━━━━━ Exercise material

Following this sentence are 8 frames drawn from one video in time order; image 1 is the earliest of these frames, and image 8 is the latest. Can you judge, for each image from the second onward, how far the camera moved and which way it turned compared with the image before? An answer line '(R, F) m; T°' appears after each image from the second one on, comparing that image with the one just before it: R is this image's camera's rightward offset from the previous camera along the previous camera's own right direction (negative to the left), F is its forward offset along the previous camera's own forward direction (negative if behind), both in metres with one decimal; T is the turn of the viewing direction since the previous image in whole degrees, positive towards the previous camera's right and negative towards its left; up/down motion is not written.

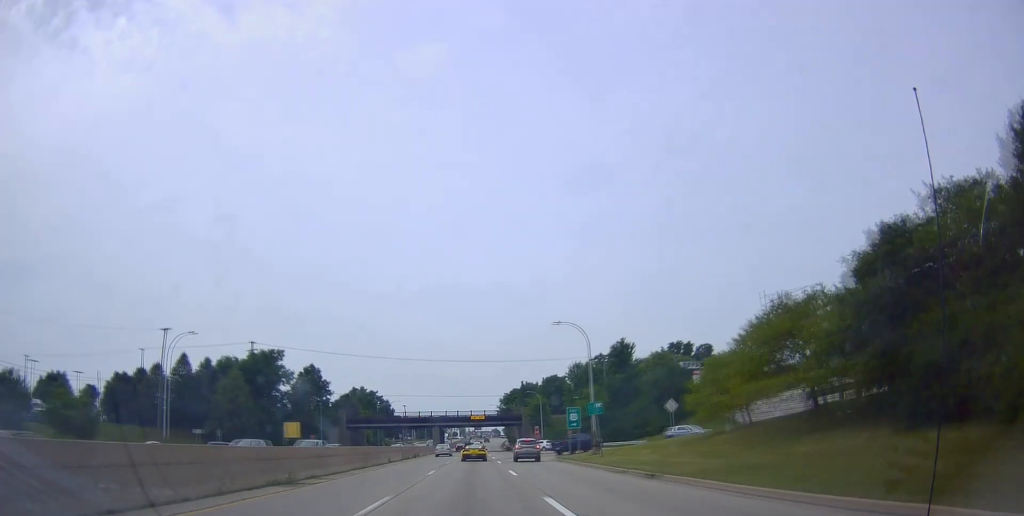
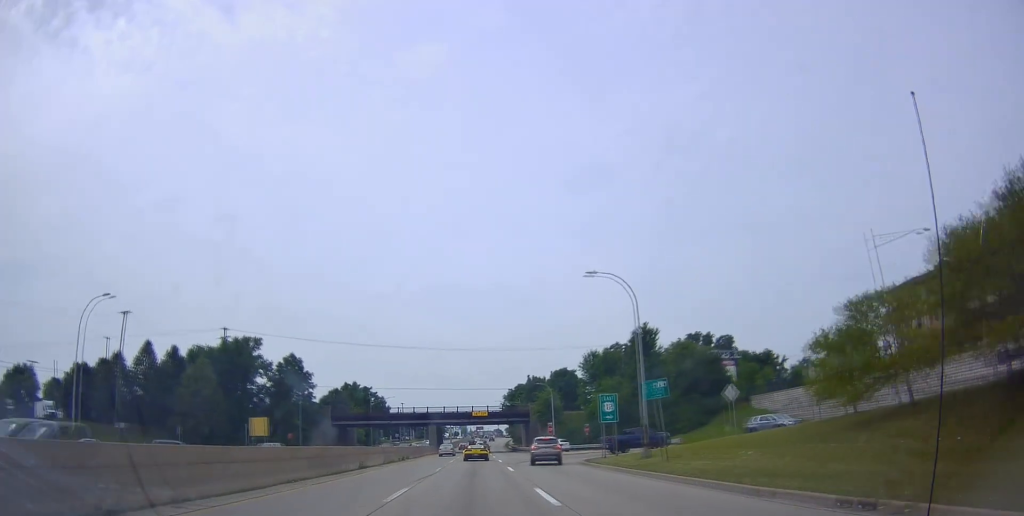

━━━━━━━━━━
━━━━━ Exercise material

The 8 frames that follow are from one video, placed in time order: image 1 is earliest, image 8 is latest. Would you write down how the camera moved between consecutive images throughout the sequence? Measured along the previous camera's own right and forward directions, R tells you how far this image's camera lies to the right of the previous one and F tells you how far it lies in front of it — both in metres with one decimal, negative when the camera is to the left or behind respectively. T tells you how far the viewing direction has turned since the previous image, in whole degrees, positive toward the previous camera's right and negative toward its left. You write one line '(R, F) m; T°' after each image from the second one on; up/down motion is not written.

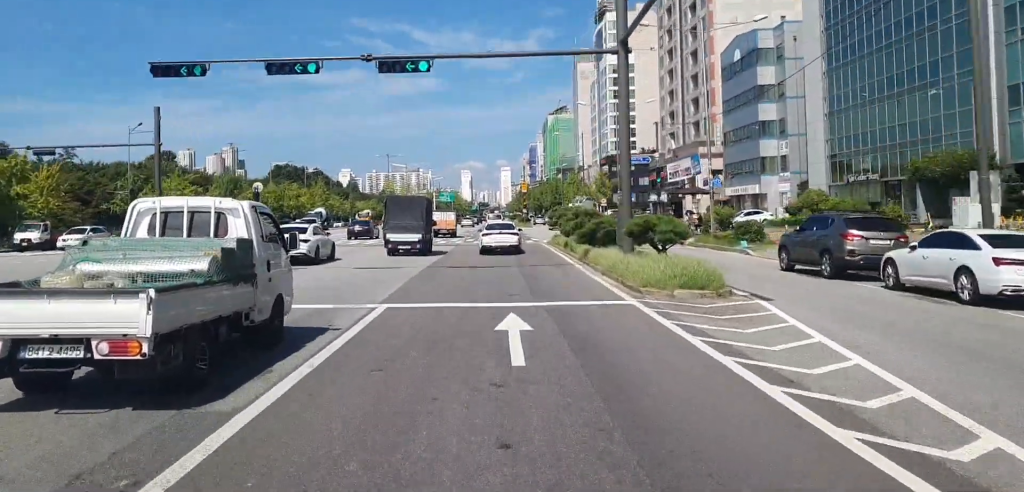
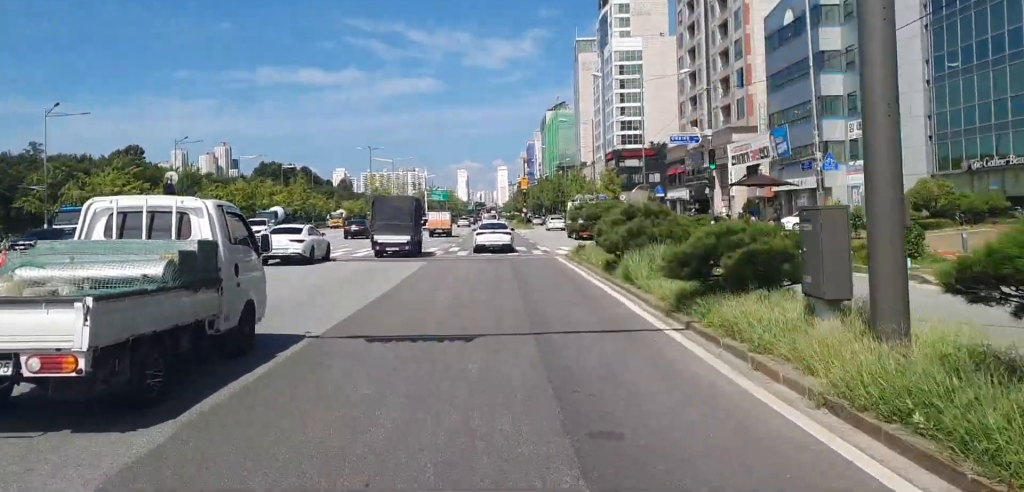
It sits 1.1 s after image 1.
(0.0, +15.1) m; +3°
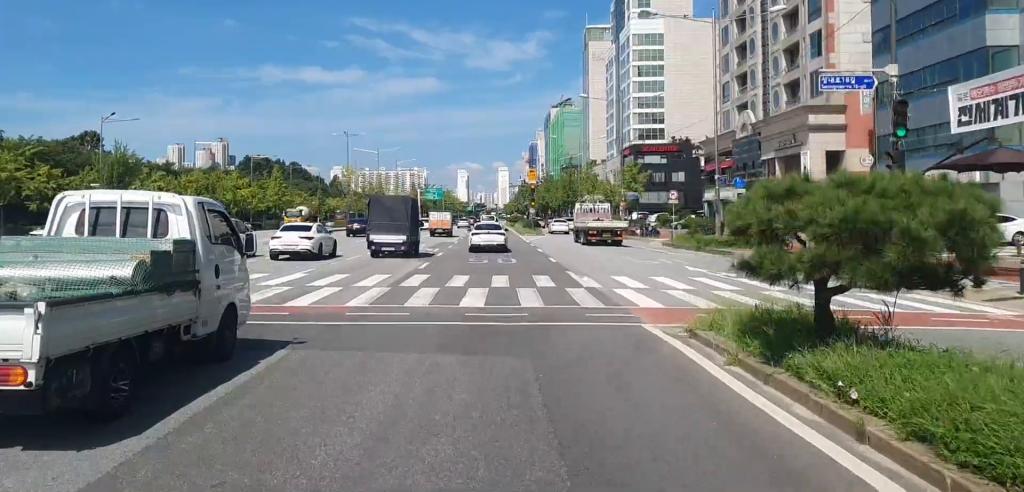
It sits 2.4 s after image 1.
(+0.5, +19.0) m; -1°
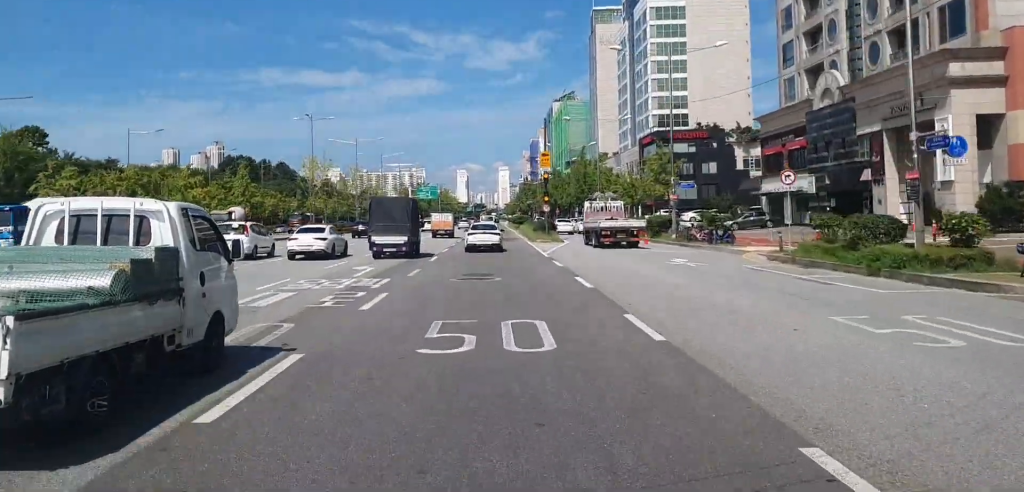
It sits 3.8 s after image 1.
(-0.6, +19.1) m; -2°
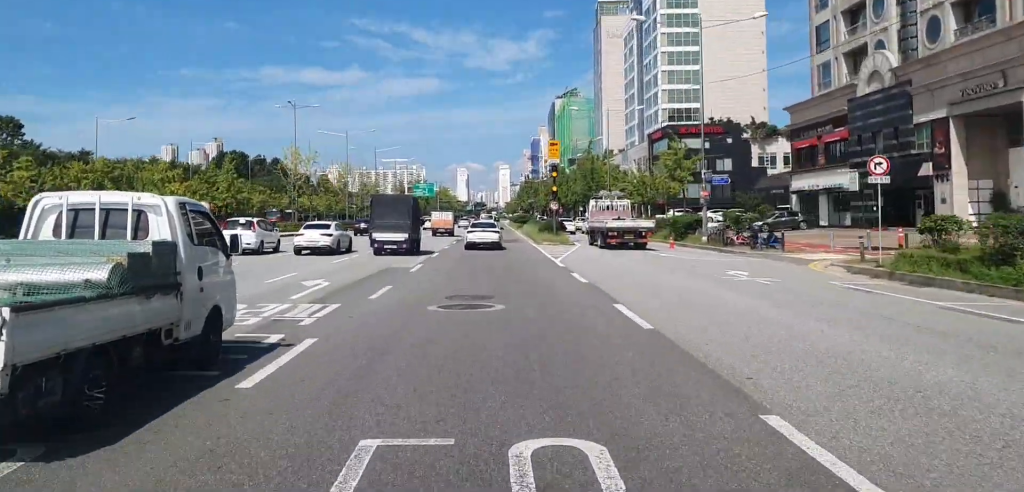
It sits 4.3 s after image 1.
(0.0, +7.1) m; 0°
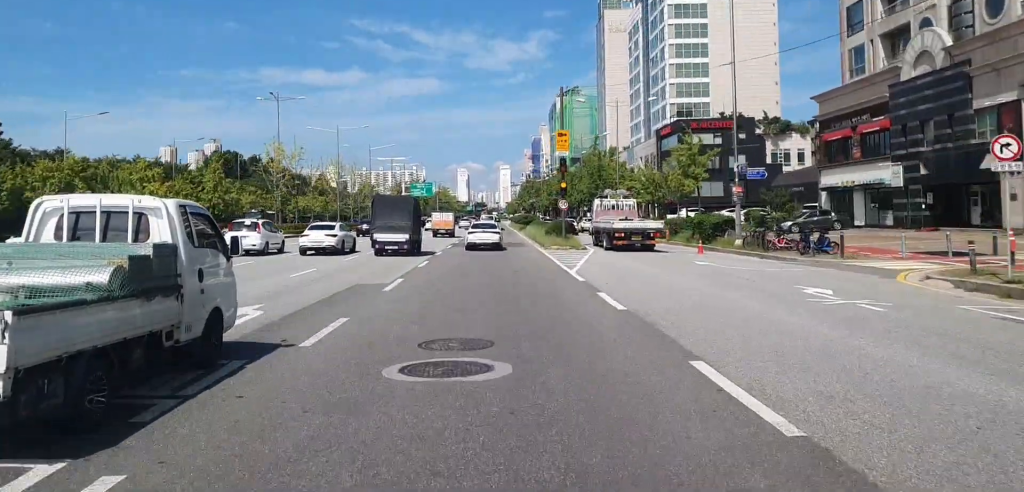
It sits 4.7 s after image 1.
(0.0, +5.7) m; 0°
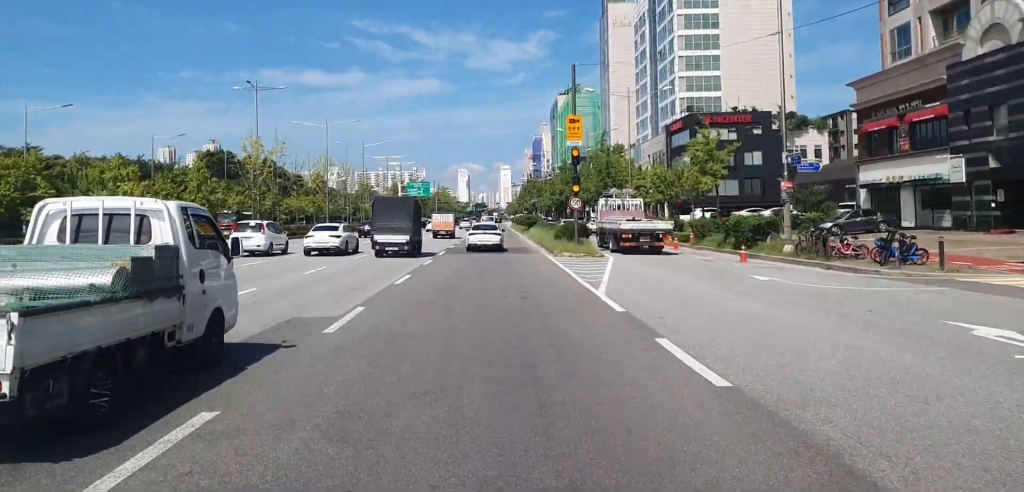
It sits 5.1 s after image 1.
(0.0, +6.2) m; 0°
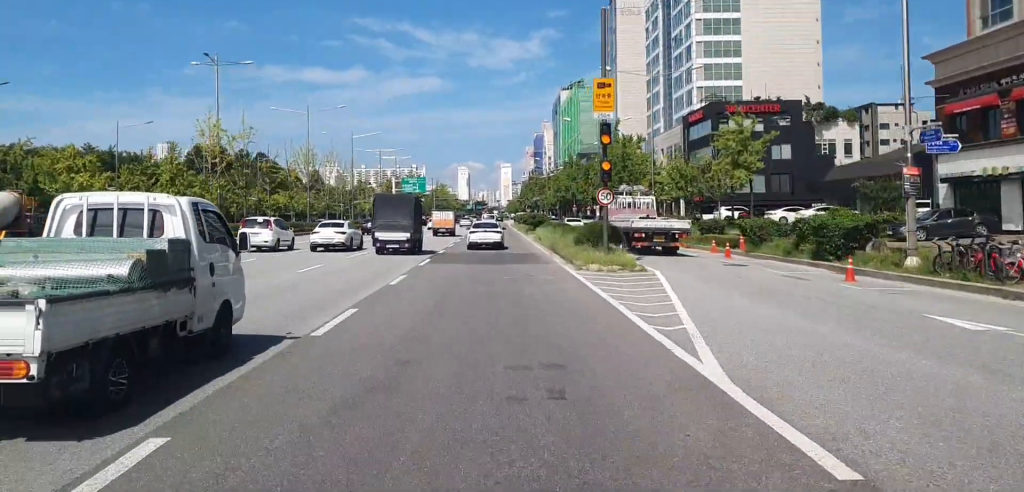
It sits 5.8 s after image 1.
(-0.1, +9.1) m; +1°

━━━━━━━━━━

#### Problem to solve:
Give back every line of the listing where the word "degrees" shows up.

#### Exercise solution:
Following this sentence are 8 frames drawn from one video in time order; image 1 is the earliest of these frames, and image 8 is the latest. Can you judge, for each image from the second onward, how far the camera moved and which way it turned compared with the image before? An answer line '(R, F) m; T°' appears after each image from the second one on, comparing that image with the one just before it: R is this image's camera's rightward offset from the previous camera along the previous camera's own right direction (negative to the left), F is its forward offset along the previous camera's own forward direction (negative if behind), both in metres with one decimal; T is the turn of the viewing direction since the previous image in whole degrees, positive towards the previous camera's right and negative towards its left; up/down motion is not written.
The 8 frames that follow are from one video, placed in time order: image 1 is earliest, image 8 is latest. Would you write down how the camera moved between consecutive images throughout the sequence? Measured along the previous camera's own right and forward directions, R tells you how far this image's camera lies to the right of the previous one and F tells you how far it lies in front of it — both in metres with one decimal, negative when the camera is to the left or behind respectively. T tells you how far the viewing direction has turned since the previous image, in whole degrees, positive toward the previous camera's right and negative toward its left. You write one line '(R, F) m; T°' after each image from the second one on; up/down motion is not written.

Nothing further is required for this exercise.